Mai come in questa nona ora, con la serie che scavalca ufficialmente la metà e inizia a far intravvedere il traguardo, per quanto ancora lontano esso possa apparire all’orizzonte, si è avvertita con forza l’urgenza narrativa che si agita sotto la coperta di straordinaria potenza espressiva ed estetica che per prima, in maniera logica e inevitabile, raggiunge gli occhi – e i cuori – del pubblico televisivo. Se ci si è lanciati in meritati peana per il coraggio e la sfrontatezza mostrati dai due autori nei confronti di una materia a suo modo fortemente standardizzata come quella del piccolo schermo, l’impressione è che si tenda a lasciare in secondo piano il comparto dedicato alla scrittura, con troppa velocità minimizzato o relegato in un cantuccio.

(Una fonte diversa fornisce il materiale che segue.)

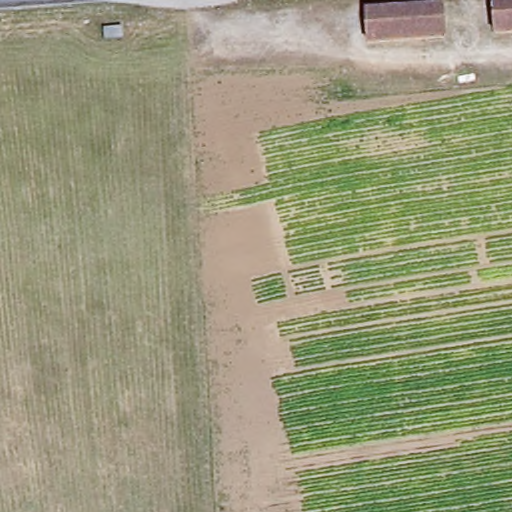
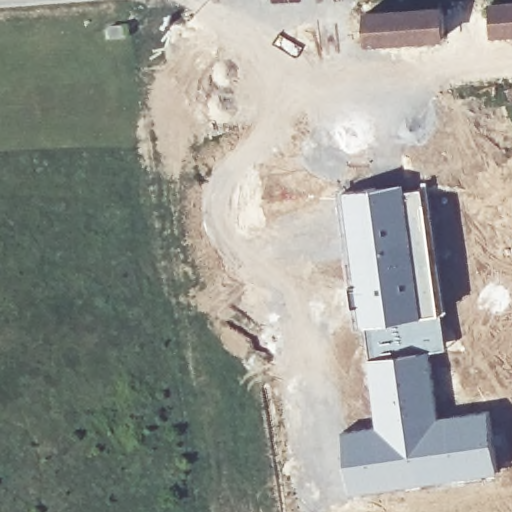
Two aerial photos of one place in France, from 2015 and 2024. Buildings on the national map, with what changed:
unchanged [(494,33),(493,1),(506,0),(512,0),(512,32),(494,33)]
unchanged [(444,36),(369,43),(366,13),(441,6),(444,36)]
unchanged [(124,22),(124,33),(104,34),(105,22),(124,22)]
new [(407,180),(408,186),(426,183),(444,311),(365,323),(357,283),(343,188),(407,180)]
new [(444,311),(448,349),(432,351),(369,356),(365,323),(444,311)]
new [(377,424),(369,356),(432,351),(442,414),(491,407),(500,471),(354,492),(344,431),(377,424)]

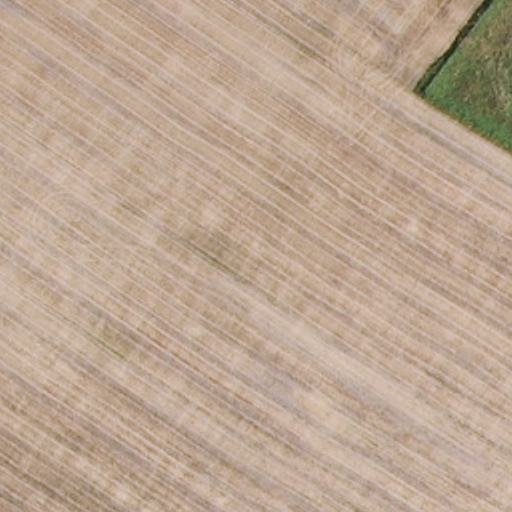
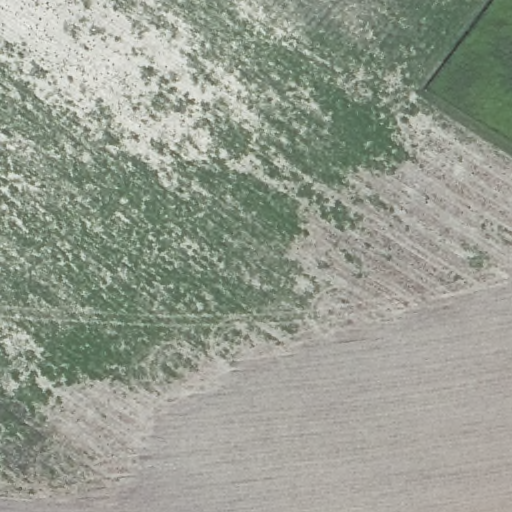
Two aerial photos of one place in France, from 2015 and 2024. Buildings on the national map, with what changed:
[]

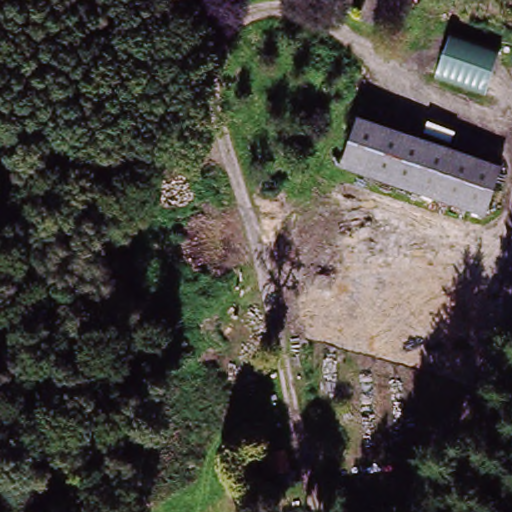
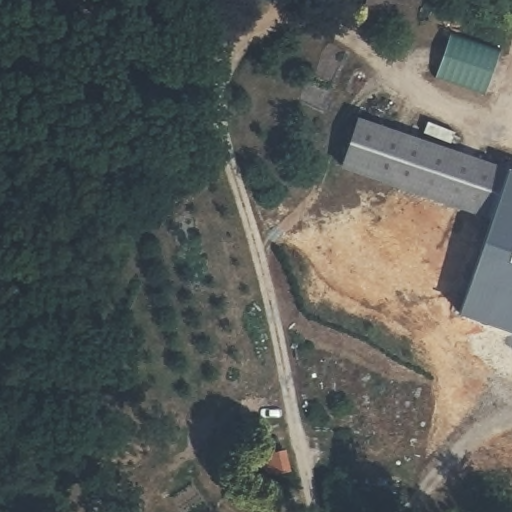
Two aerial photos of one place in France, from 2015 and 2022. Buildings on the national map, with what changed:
unchanged [(360,34),(364,0),(393,0),(388,37),(360,34)]
unchanged [(447,36),(499,51),(487,95),(434,79),(447,36)]
unchanged [(385,185),(339,170),(355,117),(386,129),(501,171),(485,217),(385,185)]
new [(505,173),(507,167),(512,169),(512,331),(457,312),(490,220),(485,217),(501,171),(505,173)]

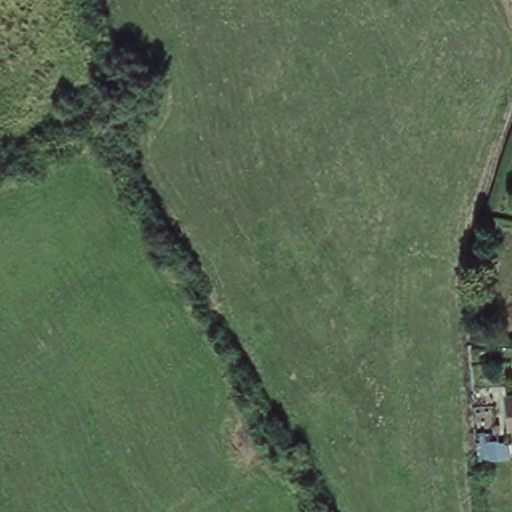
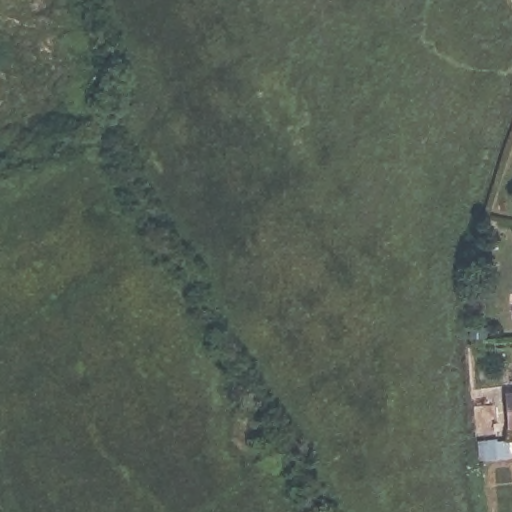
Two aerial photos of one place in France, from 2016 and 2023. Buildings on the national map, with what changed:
unchanged [(512,295),(512,322),(511,322),(512,295)]
unchanged [(498,399),(512,398),(512,428),(499,429),(498,399)]

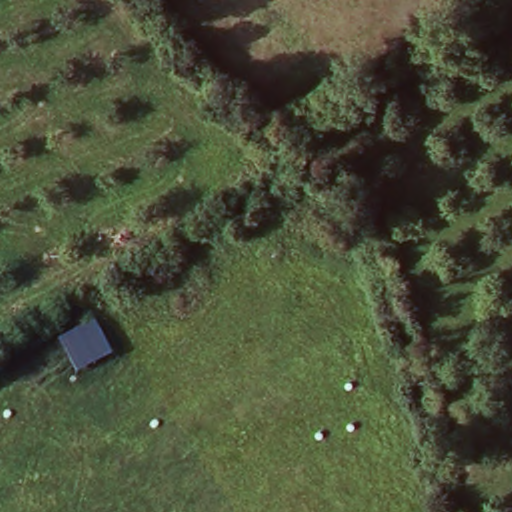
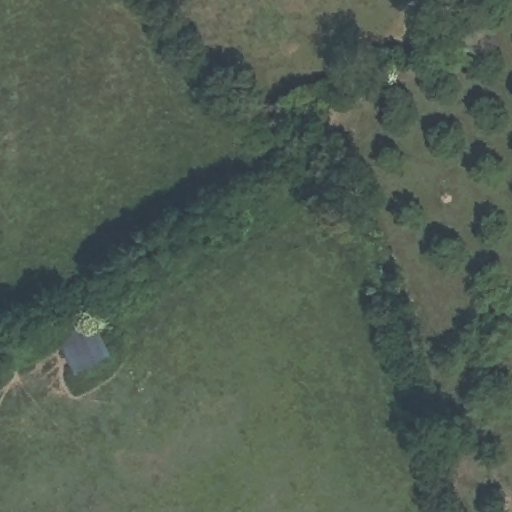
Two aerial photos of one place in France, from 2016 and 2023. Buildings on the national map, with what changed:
unchanged [(115,354),(79,373),(61,339),(98,319),(115,354)]

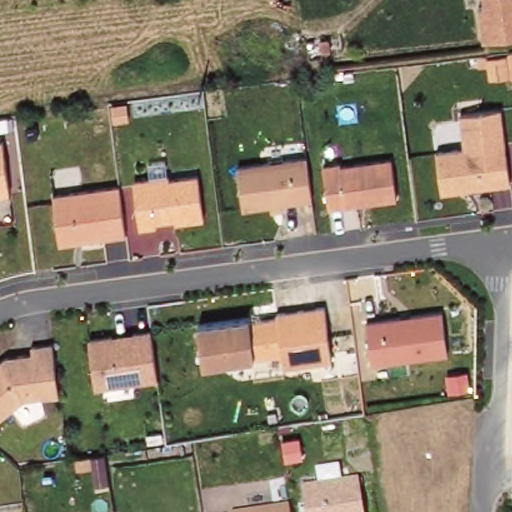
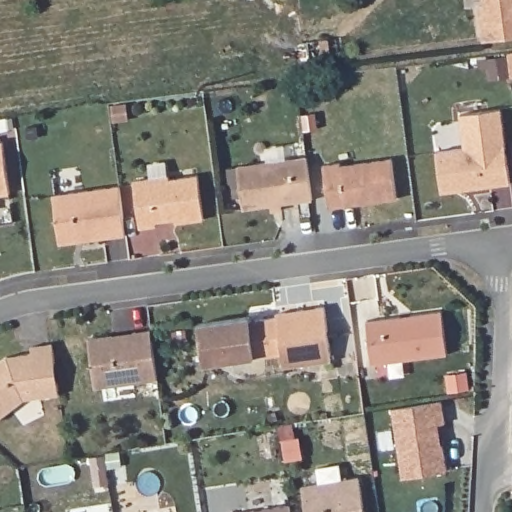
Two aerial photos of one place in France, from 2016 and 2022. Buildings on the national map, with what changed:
unchanged [(488,40),(483,6),(489,5),(488,0),(512,0),(512,36),(488,40)]
unchanged [(461,116),(503,110),(512,177),(512,185),(445,192),(440,152),(466,149),(461,116)]
unchanged [(11,194),(0,195),(0,142),(4,142),(11,194)]
unchanged [(315,200),(245,210),(240,167),(308,157),(315,200)]
unchanged [(395,159),(400,199),(332,207),(331,204),(326,165),(343,163),(345,166),(395,159)]
unchanged [(200,176),(205,218),(176,223),(176,220),(161,222),(161,227),(144,228),(138,181),(172,176),(174,179),(200,176)]
unchanged [(128,237),(62,246),(56,196),(120,189),(128,237)]
unchanged [(326,306),(333,361),(288,367),(286,356),(257,358),(206,364),(202,323),(248,317),(279,316),(278,312),(326,306)]
unchanged [(450,353),(375,364),(370,322),(443,312),(450,353)]
unchanged [(159,379),(100,386),(94,338),(153,330),(159,379)]
unchanged [(61,393),(25,398),(0,418),(0,361),(6,356),(34,353),(35,346),(55,344),(61,393)]
new [(443,401),(445,422),(439,424),(446,470),(403,477),(393,409),(443,401)]
unchanged [(360,477),(366,512),(309,512),(305,487),(360,477)]
unchanged [(293,512),(255,512),(292,507),(293,512)]

Proprio il nono episodio – o parte, se lo si considera un insieme inattaccabile e granitico, punto che sarebbe da approfondire con maggiore attenzione – permette di cogliere con nettezza l’azione di continuo e pervicace depistaggio condotta da Mark Frost e David Lynch. Così come esistono più livelli di realtà sui quali è necessario ragionare per poterli intessere l’uno nell’altro (la realtà tangibile, quella in cui il maggiore Garland Briggs è un cadavere privato della testa rinchiuso nella cella dell’obitorio di Buckhorn; la realtà che si esclude volontariamente dal materico, quella in cui la testa del maggiore fluttua nell’aere, vista da Dale Cooper, e pronuncia “blue rose”; la realtà che pretende di entrare nel mondo materico e di dominarlo, e che ha martorizzato il corpo di Briggs per colpa della sventatezza di Ruth Davenport e William Hastings), esistono e coesistono allo stesso modo livelli differenti di scrittura, e di narrazione. C’è una trama principale, riducibile in fin dei conti alla lotta tra i due Cooper, l’uno effetto della Loggia Nera, l’altro della Loggia Bianca. C’è poi un primo livello di sotto-trama, o anche forse di über-trama, nella quale ci si muove tra codici lasciati per i posteri nascosti nello schienale di una poltrona, esseri che vivono il limbo che distanzia gli universi paralleli, doppelganger e piedi che si ribellano ai propri padroni naturali. Infine c’è il terzo livello, che alcuni in maniera un po’ improvvida scambiano per nonsense, e che è per Lynch il racconto del banale, del quotidiano, di quell’ovvio che è stolida accettazione di un normale che è invece solo apparente, e sempre destinato a essere sconvolto. In questo terzo livello di scrittura coabitano chiacchiere sul lavoro troppo costoso dal carrozziere, o sulla nuova poltrona da acquistare in casa Brennan/Moran. Sono proprio questi dettagli, per alcuni superflui per altri addirittura faticosi da sostenere – gli aspetti comici o surreali di Twin Peaks hanno fatto spesso torcere il naso a una determinata tipologia di spettatori, amanti dell’intreccio mystery più che delle rifrazioni lynchiane –, a spodestare il concetto di norma, e a ridefinire i campi della narrazione.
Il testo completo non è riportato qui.